AVAILABLE DATA section start

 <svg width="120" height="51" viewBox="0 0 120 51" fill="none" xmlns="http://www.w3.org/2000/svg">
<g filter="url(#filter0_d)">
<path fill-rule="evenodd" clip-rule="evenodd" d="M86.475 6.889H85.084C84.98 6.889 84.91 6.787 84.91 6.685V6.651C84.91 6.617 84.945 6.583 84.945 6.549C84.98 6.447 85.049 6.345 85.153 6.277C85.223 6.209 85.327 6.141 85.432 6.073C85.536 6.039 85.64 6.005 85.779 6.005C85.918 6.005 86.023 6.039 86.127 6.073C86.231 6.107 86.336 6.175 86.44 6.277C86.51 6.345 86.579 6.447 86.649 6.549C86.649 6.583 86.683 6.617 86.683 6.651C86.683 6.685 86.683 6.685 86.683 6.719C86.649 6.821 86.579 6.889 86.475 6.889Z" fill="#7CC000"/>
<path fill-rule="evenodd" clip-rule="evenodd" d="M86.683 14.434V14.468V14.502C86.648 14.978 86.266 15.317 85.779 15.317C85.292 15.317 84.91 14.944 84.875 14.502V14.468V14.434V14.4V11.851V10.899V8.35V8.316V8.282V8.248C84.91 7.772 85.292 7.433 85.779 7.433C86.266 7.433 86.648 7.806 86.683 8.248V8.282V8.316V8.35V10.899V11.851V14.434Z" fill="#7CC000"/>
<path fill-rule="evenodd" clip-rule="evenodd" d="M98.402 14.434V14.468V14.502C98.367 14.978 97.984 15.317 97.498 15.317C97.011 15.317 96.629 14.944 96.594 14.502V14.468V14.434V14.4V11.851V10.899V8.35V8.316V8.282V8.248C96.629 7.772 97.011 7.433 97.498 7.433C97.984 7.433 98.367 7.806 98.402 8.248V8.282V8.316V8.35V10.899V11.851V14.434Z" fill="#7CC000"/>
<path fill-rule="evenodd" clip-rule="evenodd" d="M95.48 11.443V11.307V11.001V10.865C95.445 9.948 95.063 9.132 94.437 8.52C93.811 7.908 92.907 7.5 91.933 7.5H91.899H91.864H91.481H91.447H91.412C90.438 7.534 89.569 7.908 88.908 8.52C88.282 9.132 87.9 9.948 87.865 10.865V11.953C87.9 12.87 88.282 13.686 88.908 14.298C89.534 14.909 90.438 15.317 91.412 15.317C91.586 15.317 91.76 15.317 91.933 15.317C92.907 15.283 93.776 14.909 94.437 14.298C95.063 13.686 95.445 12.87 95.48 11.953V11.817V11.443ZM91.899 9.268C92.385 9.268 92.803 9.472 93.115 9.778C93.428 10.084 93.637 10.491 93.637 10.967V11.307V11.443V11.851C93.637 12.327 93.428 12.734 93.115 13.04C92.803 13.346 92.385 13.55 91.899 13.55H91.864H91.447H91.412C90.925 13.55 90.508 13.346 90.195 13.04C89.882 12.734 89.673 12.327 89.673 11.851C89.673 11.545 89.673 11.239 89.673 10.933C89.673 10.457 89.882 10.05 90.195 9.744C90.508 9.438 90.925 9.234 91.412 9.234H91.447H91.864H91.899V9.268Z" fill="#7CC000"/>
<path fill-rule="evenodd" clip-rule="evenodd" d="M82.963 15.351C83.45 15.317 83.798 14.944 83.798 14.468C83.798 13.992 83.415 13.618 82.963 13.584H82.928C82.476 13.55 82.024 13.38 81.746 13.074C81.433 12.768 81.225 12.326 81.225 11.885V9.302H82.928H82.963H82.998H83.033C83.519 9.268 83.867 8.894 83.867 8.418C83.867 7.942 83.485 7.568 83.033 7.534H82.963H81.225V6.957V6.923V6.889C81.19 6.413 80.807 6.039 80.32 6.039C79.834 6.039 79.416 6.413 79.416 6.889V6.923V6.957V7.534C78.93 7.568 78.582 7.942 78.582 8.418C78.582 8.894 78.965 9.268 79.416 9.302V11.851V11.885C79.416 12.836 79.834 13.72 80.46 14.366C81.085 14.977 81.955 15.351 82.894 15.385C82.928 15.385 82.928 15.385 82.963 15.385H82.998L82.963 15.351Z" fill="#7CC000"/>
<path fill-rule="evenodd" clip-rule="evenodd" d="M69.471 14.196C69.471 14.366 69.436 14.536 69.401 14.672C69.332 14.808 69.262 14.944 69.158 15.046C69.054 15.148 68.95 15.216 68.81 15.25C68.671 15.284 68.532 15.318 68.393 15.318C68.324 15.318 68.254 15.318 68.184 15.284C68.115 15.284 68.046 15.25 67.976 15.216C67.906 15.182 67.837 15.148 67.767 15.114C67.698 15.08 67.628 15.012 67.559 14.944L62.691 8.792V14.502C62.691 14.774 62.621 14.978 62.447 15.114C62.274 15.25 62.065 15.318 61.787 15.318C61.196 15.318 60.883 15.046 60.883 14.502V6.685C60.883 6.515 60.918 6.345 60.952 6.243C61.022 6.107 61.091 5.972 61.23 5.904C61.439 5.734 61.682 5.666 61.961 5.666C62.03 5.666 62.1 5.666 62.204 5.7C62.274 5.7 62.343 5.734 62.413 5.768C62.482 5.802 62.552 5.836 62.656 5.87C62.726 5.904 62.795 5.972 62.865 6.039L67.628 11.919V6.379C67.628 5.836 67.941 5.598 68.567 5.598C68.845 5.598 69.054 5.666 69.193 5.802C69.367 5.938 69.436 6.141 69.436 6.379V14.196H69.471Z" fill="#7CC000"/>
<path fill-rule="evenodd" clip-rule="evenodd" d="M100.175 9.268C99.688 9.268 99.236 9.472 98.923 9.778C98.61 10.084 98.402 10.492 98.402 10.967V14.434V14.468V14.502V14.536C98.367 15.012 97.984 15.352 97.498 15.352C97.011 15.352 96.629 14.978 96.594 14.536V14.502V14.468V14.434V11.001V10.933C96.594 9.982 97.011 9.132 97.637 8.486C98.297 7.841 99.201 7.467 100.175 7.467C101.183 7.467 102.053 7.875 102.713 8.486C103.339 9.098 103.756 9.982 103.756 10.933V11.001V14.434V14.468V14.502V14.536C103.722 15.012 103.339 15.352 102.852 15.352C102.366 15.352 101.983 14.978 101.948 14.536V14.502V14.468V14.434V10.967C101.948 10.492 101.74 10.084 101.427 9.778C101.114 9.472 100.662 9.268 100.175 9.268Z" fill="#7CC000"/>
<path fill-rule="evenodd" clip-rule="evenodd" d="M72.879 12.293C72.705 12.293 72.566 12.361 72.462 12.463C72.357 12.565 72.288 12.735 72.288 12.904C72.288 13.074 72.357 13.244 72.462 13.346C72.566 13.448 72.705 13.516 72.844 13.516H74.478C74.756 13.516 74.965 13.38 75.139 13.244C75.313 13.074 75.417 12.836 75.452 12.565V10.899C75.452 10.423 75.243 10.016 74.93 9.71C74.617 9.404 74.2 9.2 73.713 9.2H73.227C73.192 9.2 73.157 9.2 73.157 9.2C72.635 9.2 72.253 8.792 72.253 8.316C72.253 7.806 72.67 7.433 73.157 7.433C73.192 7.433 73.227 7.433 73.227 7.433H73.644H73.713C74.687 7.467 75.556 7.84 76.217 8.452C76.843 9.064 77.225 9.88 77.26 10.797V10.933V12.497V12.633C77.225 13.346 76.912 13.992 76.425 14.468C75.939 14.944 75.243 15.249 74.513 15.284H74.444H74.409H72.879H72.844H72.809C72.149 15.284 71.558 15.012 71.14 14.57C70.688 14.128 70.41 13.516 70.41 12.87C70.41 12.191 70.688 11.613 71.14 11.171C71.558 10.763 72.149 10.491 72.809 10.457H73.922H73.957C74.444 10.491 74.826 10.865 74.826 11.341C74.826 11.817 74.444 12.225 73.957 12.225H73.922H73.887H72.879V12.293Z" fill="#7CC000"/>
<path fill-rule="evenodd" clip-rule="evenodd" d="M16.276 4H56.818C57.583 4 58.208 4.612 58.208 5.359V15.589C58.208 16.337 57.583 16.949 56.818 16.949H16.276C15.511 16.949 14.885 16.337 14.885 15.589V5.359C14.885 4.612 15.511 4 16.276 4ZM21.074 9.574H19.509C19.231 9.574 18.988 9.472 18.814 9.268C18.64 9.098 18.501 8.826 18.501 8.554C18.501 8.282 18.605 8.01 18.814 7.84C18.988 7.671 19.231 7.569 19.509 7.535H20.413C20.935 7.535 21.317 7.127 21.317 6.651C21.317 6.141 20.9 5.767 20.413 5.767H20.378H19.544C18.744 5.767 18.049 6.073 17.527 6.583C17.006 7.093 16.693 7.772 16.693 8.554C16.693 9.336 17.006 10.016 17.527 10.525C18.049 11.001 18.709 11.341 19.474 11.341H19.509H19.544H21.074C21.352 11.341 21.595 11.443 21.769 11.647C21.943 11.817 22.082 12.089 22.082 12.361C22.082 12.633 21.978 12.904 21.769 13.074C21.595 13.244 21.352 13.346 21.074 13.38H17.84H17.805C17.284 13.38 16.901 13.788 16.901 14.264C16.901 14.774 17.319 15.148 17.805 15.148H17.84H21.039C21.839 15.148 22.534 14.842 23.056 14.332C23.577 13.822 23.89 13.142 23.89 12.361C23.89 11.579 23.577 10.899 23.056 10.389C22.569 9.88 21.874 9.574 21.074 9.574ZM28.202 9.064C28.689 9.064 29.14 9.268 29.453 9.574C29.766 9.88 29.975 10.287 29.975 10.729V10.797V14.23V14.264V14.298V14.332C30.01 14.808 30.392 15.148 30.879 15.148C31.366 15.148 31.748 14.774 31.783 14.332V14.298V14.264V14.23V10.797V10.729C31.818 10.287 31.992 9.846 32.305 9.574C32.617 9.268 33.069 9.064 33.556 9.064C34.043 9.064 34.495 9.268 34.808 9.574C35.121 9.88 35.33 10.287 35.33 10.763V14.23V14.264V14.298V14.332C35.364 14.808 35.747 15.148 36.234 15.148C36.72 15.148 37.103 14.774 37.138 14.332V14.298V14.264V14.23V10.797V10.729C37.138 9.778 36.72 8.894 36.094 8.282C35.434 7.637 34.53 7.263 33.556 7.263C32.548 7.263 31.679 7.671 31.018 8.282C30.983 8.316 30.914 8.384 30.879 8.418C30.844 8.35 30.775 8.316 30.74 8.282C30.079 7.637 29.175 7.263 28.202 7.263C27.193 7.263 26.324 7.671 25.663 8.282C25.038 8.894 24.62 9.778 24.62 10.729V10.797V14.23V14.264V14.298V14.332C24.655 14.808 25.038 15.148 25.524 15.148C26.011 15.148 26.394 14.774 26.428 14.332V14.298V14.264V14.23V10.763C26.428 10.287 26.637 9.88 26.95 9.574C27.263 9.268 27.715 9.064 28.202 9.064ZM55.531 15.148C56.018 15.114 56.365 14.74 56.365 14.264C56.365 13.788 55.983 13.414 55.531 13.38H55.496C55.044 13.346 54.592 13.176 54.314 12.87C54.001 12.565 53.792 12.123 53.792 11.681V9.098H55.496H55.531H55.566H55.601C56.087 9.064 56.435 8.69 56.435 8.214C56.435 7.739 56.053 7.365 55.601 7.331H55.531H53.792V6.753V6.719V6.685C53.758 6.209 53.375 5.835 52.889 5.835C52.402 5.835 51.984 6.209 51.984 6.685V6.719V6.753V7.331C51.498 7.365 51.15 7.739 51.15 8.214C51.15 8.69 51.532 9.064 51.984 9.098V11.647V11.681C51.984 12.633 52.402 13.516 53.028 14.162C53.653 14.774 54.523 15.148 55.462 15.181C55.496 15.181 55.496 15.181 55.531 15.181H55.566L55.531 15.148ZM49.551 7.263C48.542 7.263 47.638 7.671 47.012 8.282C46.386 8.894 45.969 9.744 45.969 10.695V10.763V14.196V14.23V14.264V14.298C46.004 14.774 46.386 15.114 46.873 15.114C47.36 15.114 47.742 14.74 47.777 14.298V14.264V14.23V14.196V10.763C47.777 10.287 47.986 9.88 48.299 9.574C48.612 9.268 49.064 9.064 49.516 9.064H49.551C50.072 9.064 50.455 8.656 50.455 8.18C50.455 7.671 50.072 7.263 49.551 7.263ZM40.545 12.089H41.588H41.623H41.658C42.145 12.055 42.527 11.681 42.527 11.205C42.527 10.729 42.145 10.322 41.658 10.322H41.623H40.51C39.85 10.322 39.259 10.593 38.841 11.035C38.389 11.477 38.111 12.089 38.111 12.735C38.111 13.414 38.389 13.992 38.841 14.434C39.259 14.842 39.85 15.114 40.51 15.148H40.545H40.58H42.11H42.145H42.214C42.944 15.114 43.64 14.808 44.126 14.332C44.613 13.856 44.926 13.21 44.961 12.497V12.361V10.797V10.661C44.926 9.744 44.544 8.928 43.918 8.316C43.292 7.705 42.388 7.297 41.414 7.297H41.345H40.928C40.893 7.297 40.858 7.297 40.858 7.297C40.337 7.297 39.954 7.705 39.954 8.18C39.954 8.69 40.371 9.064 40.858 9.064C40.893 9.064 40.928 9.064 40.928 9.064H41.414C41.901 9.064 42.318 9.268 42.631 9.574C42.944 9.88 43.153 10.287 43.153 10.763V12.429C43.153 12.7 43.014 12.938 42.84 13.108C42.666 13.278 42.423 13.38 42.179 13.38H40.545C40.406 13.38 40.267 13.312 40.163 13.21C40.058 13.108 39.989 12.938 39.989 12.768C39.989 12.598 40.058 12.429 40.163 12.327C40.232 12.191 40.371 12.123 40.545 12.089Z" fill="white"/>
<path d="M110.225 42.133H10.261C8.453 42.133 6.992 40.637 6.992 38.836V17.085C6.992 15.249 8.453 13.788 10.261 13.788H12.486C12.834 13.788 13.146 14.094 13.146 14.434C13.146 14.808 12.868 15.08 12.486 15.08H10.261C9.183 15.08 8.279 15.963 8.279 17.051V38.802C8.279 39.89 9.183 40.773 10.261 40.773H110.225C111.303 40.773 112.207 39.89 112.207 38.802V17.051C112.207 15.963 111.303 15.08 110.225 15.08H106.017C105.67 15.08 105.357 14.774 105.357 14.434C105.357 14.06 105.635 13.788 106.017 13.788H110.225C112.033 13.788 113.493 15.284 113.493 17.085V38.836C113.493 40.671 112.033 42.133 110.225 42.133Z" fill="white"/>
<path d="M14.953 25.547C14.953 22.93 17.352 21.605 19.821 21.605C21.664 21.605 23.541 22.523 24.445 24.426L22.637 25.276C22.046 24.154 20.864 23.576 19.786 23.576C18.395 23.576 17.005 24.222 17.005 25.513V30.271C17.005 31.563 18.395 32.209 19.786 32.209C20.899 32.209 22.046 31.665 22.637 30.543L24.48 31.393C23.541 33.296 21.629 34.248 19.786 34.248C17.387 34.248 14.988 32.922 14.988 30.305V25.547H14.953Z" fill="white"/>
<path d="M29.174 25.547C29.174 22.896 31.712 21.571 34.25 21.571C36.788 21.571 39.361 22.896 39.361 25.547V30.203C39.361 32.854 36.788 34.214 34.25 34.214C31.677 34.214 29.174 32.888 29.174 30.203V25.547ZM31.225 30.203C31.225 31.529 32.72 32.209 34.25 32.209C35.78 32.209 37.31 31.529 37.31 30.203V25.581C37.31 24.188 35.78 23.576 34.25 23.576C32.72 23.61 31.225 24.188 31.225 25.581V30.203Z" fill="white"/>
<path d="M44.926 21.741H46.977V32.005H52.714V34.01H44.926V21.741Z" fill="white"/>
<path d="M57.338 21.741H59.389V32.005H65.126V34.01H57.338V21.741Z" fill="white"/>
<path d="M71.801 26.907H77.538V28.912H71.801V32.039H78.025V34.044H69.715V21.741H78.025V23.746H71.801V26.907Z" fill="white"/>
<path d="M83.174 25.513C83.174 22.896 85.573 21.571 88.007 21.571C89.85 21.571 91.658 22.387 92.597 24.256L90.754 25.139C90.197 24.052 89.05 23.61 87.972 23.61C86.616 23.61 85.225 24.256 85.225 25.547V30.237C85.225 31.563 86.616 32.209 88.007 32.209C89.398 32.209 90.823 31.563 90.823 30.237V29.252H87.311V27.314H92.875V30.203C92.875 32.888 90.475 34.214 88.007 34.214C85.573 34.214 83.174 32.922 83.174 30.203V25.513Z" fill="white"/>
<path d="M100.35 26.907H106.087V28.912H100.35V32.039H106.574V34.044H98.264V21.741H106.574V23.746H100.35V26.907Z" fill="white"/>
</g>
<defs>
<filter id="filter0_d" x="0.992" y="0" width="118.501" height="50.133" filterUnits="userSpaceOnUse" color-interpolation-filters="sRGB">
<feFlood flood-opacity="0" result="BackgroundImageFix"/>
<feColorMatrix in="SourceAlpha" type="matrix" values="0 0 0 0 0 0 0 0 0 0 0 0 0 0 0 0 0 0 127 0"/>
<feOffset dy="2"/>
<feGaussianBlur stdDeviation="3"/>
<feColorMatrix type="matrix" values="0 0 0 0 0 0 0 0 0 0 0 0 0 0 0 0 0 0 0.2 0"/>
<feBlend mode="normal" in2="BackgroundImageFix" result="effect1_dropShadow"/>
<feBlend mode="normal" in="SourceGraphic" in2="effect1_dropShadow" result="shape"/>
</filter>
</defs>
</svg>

AVAILABLE DATA section end

*WORK REQUIRED*. Copy every line from the records above that contains the word "matrix".

*EXERCISE RESULT*.
<feColorMatrix in="SourceAlpha" type="matrix" values="0 0 0 0 0 0 0 0 0 0 0 0 0 0 0 0 0 0 127 0"/>
<feColorMatrix type="matrix" values="0 0 0 0 0 0 0 0 0 0 0 0 0 0 0 0 0 0 0.2 0"/>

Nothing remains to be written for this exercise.